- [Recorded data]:
▽

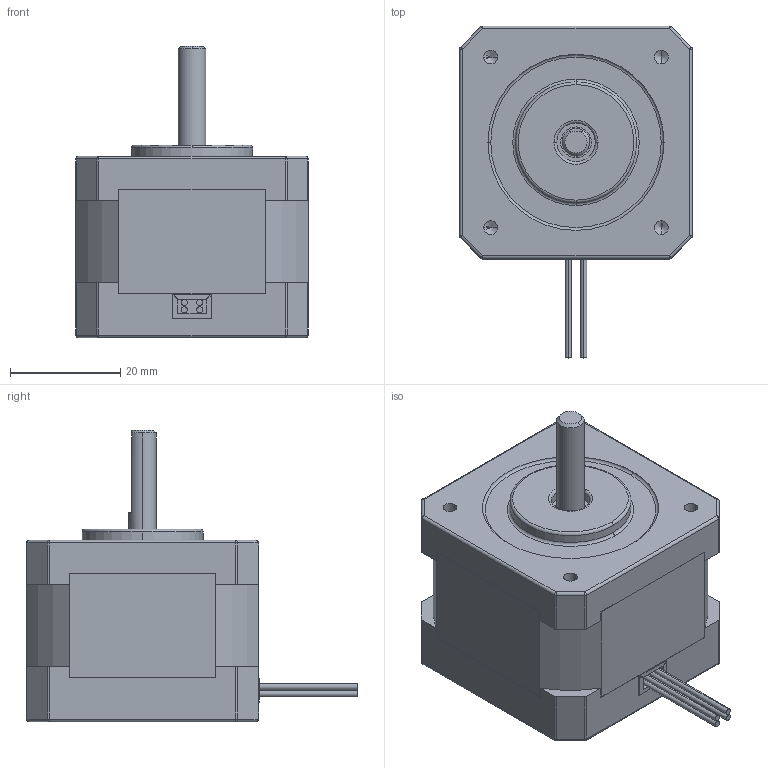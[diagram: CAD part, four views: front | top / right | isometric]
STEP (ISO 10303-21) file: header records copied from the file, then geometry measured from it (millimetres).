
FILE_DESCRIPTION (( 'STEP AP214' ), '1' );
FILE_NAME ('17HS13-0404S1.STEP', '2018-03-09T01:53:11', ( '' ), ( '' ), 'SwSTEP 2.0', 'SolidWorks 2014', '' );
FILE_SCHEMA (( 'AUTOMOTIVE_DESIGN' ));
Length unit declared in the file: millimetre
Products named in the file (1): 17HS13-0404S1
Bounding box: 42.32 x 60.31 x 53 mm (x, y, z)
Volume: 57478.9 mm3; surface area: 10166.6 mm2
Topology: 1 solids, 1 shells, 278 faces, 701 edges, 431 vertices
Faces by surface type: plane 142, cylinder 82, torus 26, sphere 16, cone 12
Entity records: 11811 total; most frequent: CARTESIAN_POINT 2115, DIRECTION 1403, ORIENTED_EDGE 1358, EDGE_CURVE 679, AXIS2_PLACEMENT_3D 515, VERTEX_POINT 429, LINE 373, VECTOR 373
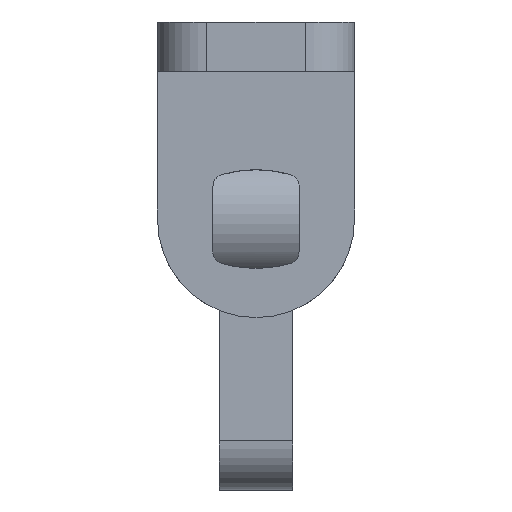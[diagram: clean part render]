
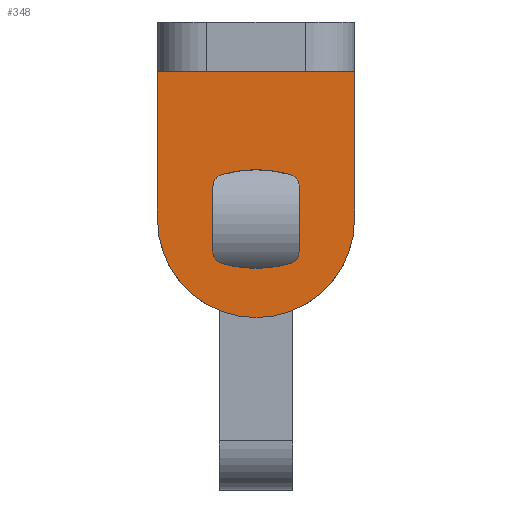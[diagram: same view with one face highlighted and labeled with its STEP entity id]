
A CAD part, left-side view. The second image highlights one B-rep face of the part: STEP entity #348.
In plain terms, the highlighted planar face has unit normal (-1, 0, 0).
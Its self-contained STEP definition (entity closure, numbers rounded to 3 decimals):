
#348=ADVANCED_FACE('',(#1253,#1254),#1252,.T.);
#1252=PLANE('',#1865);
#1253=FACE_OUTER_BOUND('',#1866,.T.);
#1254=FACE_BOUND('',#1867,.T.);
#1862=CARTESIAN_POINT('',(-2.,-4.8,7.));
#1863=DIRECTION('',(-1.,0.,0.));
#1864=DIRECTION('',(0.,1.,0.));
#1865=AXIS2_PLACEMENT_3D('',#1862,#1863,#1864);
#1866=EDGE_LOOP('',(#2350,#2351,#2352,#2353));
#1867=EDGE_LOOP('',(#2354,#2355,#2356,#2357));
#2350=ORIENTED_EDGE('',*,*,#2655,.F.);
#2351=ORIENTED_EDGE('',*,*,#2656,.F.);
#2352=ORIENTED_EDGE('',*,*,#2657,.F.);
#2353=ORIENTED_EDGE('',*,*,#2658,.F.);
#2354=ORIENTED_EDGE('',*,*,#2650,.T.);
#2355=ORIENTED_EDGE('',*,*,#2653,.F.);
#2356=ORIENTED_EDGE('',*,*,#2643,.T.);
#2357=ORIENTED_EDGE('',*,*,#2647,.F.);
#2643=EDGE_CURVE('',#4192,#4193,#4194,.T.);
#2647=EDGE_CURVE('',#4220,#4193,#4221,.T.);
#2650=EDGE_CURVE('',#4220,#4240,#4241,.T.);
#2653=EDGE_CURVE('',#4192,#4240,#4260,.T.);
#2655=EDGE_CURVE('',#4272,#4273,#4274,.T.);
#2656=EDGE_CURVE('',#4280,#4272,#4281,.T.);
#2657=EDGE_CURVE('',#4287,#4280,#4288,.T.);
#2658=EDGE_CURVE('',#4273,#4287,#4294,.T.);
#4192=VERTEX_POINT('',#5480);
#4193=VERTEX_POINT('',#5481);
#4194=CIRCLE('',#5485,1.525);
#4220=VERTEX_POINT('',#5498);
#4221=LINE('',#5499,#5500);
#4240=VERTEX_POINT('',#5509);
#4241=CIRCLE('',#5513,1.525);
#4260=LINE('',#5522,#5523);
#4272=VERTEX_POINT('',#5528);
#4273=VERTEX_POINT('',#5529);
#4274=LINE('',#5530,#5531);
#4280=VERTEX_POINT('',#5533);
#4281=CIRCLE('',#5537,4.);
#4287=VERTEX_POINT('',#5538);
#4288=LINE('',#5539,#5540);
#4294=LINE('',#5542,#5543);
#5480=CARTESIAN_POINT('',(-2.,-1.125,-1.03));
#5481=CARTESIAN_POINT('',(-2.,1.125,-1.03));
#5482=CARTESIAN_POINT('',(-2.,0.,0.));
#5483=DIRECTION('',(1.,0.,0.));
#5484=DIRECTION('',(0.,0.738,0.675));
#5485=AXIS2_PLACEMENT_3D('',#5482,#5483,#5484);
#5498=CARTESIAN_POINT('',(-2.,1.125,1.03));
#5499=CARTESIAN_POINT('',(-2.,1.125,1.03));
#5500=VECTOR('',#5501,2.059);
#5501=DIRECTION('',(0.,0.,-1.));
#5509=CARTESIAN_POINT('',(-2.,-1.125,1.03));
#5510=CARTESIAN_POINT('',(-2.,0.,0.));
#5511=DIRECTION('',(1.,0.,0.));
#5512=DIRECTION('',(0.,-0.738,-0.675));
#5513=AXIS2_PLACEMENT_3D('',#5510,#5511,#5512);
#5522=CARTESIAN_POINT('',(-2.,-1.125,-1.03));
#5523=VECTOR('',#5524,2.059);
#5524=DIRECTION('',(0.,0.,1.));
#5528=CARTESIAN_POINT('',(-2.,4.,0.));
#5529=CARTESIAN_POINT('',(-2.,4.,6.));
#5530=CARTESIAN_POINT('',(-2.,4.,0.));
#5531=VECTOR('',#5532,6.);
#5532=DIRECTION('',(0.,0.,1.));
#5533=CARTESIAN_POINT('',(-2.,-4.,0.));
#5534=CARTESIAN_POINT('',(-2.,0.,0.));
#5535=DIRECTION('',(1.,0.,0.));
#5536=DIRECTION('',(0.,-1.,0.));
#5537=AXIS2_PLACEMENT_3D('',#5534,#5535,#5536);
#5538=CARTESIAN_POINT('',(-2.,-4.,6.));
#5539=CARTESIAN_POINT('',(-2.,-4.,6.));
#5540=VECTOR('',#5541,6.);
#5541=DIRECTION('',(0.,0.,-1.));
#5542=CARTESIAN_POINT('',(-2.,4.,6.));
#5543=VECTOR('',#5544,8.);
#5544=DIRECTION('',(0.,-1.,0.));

△

Write out exactly the lines that fall from the line with "Length unit declared in the file: millimetre" to the line with "Faces by surface" in the records above, keeping both ends.

Length unit declared in the file: millimetre
Products named in the file (1): 17HS13-0404S1
Bounding box: 42.32 x 60.31 x 53 mm (x, y, z)
Volume: 57478.9 mm3; surface area: 10166.6 mm2
Topology: 1 solids, 1 shells, 278 faces, 701 edges, 431 vertices
Faces by surface type: plane 142, cylinder 82, torus 26, sphere 16, cone 12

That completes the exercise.